Incidentally, I would point to the passages which say we are to read, and understand, the Scriptures (similar to "I will sing with understanding"), and ask whether the common people to whom the Scriptures come, can read the Scriptures without the Scriptures being translated into their language. I would point also to Christ and His apostles' use of the Septuagint translation, as a justification for translations of the Bible into the common language.


----------



## WrittenFromUtopia (Oct 18, 2005)




----------



## C. Matthew McMahon (Oct 18, 2005)

{MODERATOR}

Let's keep to the topic overall.


----------



## Saiph (Oct 18, 2005)

I agree with you guys, on "good and necessary inference", that is why I read bible translations.

Now, to the point of Jeff's original question:



> For example, how do we know that Psalms only are permitted in public worship, but other songs are ok in family worship? The same question could be applied to instruments or catechising.



I do not have this dilemma, because I believe we are commanded to sing songs that are reverent, directed towards God, and doctrinally correct, by "good and necessary inference". So I DO sing the same songs in private worship as I sing in public worship.

But I know EP advocates that sing only Psalms in church, and hymns and other folk tunes in private.

That was part of my calling the translation into question.


----------



## Arch2k (Oct 18, 2005)

Yes, back to the original discussion.

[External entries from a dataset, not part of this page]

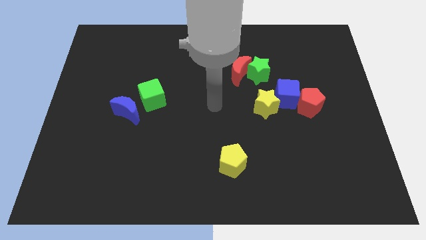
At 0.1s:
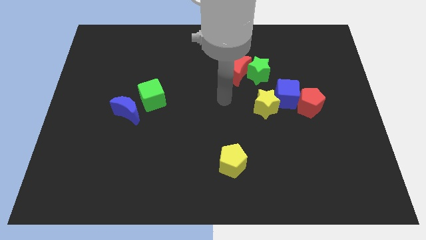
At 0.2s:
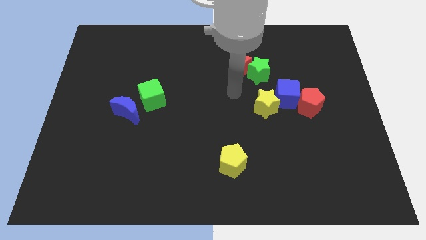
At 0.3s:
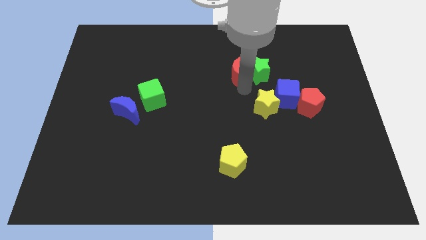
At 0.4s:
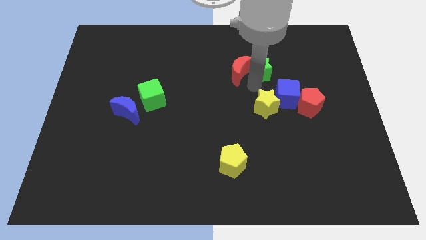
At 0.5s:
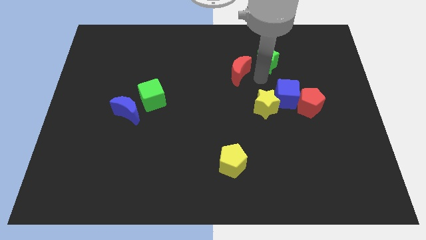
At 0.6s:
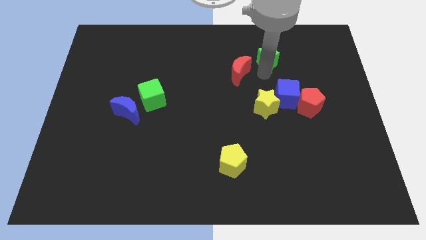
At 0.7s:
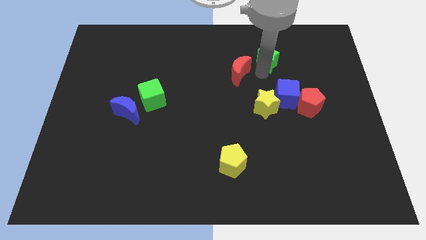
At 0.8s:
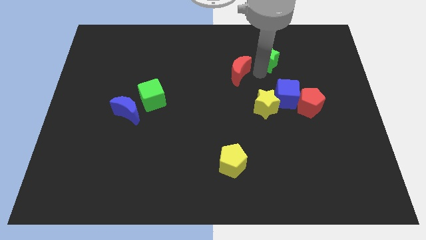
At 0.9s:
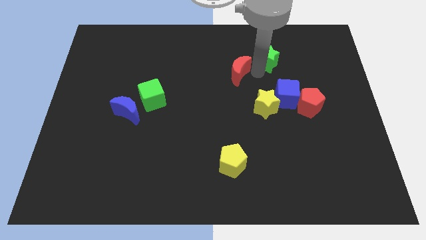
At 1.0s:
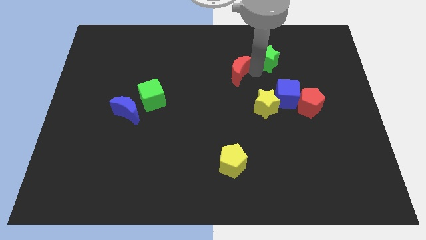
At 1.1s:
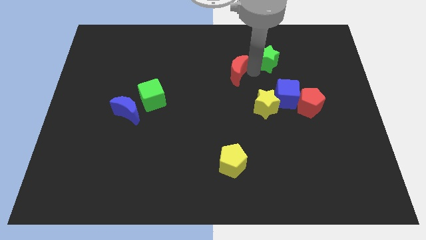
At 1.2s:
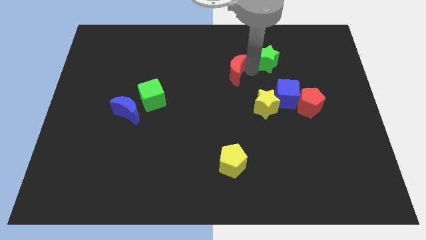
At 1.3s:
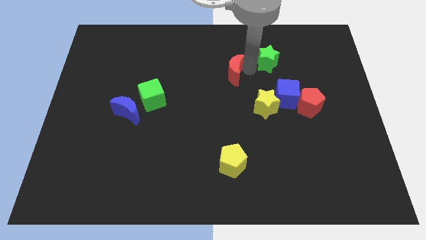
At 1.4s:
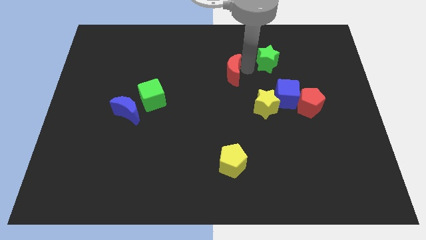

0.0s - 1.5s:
separate the red moon from the green star

As I said, certain things are specific to the officers of the church, and take on different aspects in public worship, like preaching. Preaching is commanded in public worship, but not in family worship. One could argue that this is of necessity because Preachers can not be everywhere, and not everyone can be a preacher.

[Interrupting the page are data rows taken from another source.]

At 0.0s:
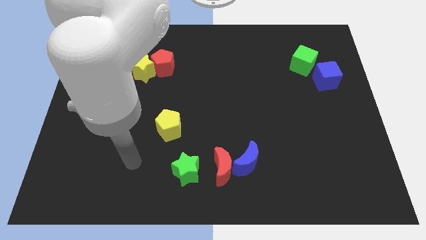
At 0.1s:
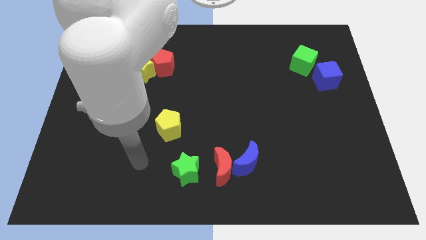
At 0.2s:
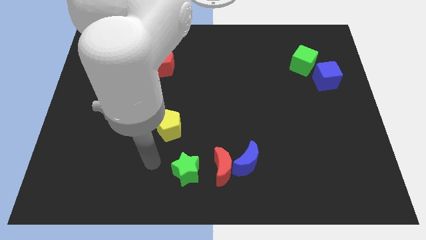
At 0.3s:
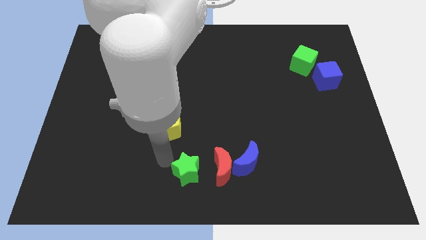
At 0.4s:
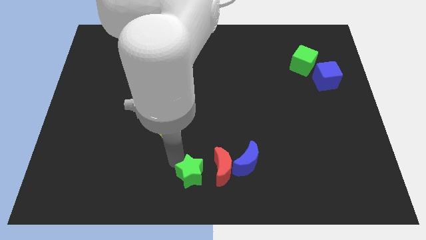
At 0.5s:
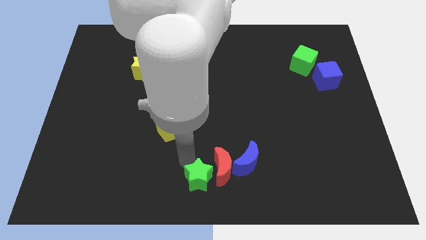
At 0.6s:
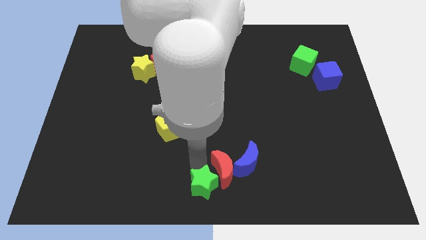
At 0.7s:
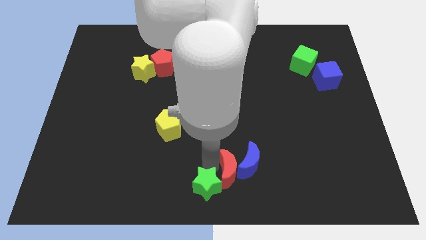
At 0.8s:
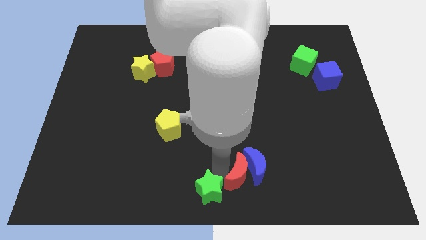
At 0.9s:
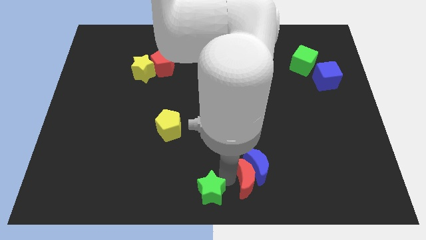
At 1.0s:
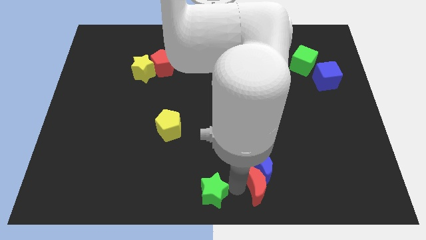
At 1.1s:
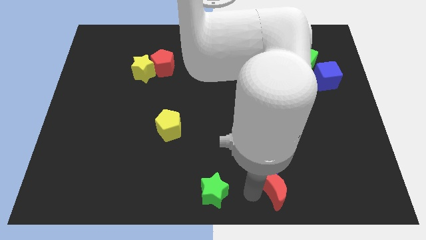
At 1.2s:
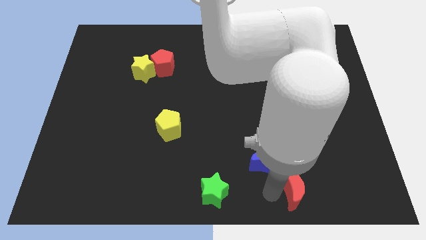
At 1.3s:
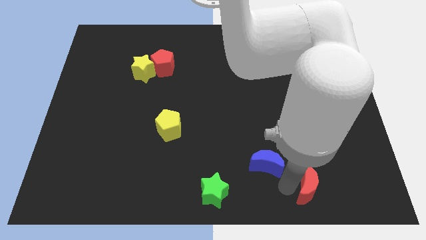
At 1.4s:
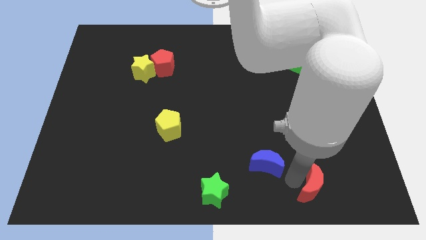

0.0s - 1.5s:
pull the blue moon apart from the red moon

Let's take something that isn't "role" specific, like catechising then. The Westminster Directory for Family Worship states that catechising is to be done as a part of Family Worship, but the Directory for Public worship completely leaves it out. Why is this? 

Or what about the use of instruments? Same thing there.


----------



## Saiph (Oct 18, 2005)

> Let's take something that isn't "role" specific, like catechising then. The Westminster Directory for Family Worship states that catechising is to be done as a part of Family Worship, but the Directory for Public worship completely leaves it out. Why is this?

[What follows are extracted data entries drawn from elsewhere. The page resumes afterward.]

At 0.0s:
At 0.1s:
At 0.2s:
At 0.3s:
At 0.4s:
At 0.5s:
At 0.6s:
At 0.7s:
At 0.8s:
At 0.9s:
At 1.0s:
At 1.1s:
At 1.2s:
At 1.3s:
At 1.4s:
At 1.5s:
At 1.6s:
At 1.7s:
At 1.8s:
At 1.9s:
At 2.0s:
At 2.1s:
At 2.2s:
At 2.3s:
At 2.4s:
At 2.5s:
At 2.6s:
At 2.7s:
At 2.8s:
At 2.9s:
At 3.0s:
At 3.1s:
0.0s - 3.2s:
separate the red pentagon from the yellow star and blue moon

They probably consider that under discipleship though. And I am sure the elders would teach new converts the catechism right ?


----------



## C. Matthew McMahon (Oct 18, 2005)

Yes - the actual purpose of the catechisms was to teach disciples so that they could intelligently listen to the sermons (the Word Preached).


----------



## JOwen (Oct 18, 2005)

> _Originally posted by Kaalvenist_
> Reductio ad absurdum:
> If EP demands singing the Psalms in only Hebrew or Greek, then Sola Scriptura demands reading the Bible in only Hebrew or Greek.
> 
> ...



Not to mention EVERY time our Lord or one of the NT writers quote the LXX in the New Testament is a proof of the fact that translations are proper. Jesus used a translation.

Kind regards,
J. Lewis
Pastor -APC


----------



## Saiph (Oct 18, 2005)

Several of you missed the point entirely. Which translation is EP approved ? ?

No matter which one you pick, they are often re-worked and paraphrased in almost every Psalter I have.

So what is the ultimate difference between singing a rhyming and metrical version of the Psalms, and singing a hymn whose doctrine and words can all be found within the Psalms, or bible as a whole ? ?

Moderator: Feel free to open a new thread on this one. . . . I do not know how.


----------



## JOwen (Oct 18, 2005)

> _Originally posted by Saiph_
> Several of you missed the point entirely. Which translation is EP approved ?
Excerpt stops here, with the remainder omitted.